> AIM OF THE EXERCISE: Search the records that follow and extract every line containing the string "Lugs".

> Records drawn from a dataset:
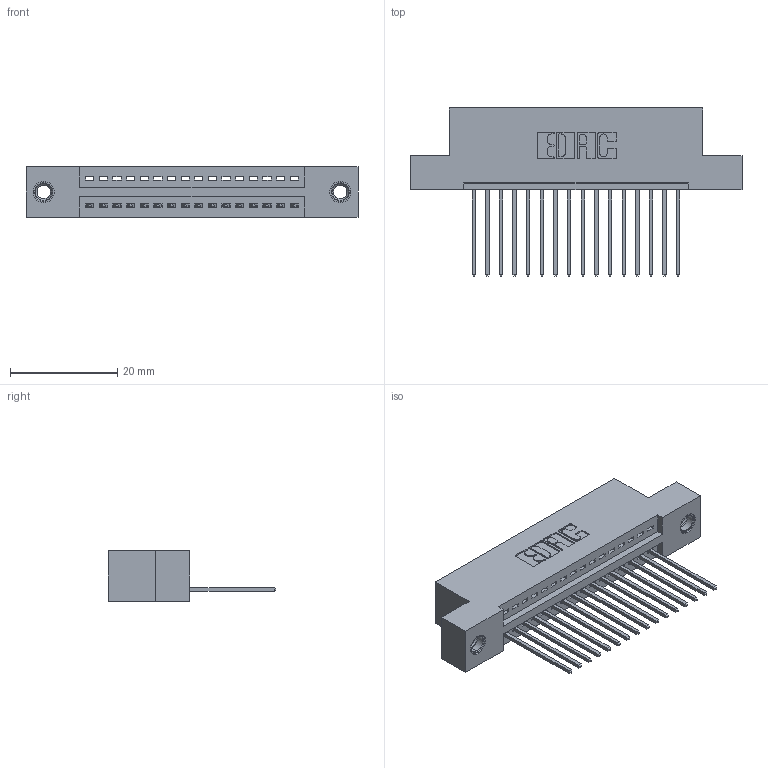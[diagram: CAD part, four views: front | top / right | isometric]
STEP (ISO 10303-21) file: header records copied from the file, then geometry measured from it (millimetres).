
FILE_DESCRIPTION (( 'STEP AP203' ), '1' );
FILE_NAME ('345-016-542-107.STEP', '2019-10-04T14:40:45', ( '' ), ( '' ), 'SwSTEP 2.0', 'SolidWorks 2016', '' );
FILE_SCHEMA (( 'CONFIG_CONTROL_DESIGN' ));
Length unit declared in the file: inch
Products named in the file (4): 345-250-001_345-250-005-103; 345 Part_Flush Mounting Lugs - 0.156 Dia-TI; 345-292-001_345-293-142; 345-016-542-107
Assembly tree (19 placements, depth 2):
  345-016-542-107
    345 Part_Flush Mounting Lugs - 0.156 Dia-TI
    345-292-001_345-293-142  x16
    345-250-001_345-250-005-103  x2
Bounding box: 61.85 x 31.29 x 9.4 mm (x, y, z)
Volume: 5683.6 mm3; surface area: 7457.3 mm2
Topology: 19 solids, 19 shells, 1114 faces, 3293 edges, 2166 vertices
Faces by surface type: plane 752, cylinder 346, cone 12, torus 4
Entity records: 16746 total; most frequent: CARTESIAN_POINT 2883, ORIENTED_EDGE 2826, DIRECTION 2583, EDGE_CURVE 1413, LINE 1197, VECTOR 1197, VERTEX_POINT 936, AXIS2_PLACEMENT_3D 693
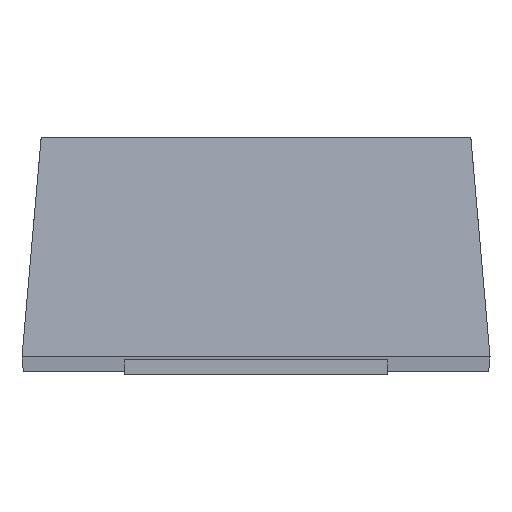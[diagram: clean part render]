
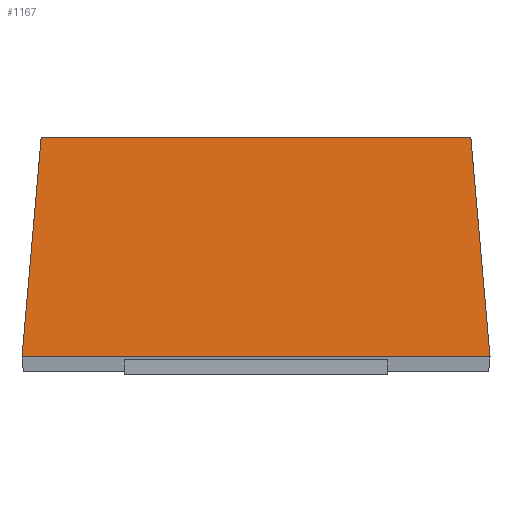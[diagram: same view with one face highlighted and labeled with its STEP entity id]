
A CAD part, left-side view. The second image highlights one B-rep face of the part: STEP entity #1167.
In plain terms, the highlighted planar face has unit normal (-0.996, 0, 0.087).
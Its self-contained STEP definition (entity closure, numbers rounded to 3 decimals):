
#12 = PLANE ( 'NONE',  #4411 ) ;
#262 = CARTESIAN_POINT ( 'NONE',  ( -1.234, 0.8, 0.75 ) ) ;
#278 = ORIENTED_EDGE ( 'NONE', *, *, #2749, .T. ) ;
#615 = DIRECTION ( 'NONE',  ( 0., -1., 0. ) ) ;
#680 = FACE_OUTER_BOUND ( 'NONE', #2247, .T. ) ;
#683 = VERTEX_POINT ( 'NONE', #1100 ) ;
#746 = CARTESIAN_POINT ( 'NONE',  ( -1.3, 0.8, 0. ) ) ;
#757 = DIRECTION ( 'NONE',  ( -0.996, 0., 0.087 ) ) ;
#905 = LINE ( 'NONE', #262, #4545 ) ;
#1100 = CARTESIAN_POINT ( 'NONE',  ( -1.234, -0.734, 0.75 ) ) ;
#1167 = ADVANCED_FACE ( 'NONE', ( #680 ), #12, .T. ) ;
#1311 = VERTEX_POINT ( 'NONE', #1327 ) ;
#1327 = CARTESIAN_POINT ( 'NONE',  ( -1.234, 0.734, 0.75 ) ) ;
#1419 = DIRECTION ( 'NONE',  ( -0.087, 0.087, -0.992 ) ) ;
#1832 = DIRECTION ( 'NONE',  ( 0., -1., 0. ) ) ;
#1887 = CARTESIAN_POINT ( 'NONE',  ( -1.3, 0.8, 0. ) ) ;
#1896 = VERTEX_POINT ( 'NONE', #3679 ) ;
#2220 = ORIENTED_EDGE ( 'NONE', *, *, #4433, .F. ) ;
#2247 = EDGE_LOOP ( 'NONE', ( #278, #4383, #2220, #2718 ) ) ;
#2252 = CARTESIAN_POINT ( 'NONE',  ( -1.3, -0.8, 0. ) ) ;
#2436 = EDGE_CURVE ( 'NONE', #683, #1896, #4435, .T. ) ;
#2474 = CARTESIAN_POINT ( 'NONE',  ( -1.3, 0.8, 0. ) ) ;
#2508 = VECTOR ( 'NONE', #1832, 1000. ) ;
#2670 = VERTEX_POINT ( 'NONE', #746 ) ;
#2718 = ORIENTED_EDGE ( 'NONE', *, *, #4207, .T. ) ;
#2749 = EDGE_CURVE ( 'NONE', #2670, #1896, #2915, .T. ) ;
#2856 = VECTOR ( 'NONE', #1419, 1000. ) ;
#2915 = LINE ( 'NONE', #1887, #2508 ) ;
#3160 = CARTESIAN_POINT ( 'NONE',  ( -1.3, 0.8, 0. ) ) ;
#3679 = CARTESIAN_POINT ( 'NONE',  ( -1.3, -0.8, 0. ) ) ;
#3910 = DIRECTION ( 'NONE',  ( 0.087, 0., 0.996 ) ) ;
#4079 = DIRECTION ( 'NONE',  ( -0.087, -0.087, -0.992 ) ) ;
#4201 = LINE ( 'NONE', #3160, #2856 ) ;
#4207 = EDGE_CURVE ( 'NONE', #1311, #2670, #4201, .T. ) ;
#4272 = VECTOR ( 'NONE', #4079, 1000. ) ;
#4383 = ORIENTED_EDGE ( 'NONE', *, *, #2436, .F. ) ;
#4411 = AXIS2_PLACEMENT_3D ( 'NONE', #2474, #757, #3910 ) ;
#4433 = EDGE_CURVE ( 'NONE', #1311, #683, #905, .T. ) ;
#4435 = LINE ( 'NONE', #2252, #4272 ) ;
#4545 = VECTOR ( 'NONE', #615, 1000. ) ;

> EXPECTED ANSWER:
Products named in the file (4): 345-250-001_345-250-005-103; 345 Part_Flush Mounting Lugs - 0.156 Dia-TI; 345-292-001_345-293-142; 345-016-542-107
    345 Part_Flush Mounting Lugs - 0.156 Dia-TI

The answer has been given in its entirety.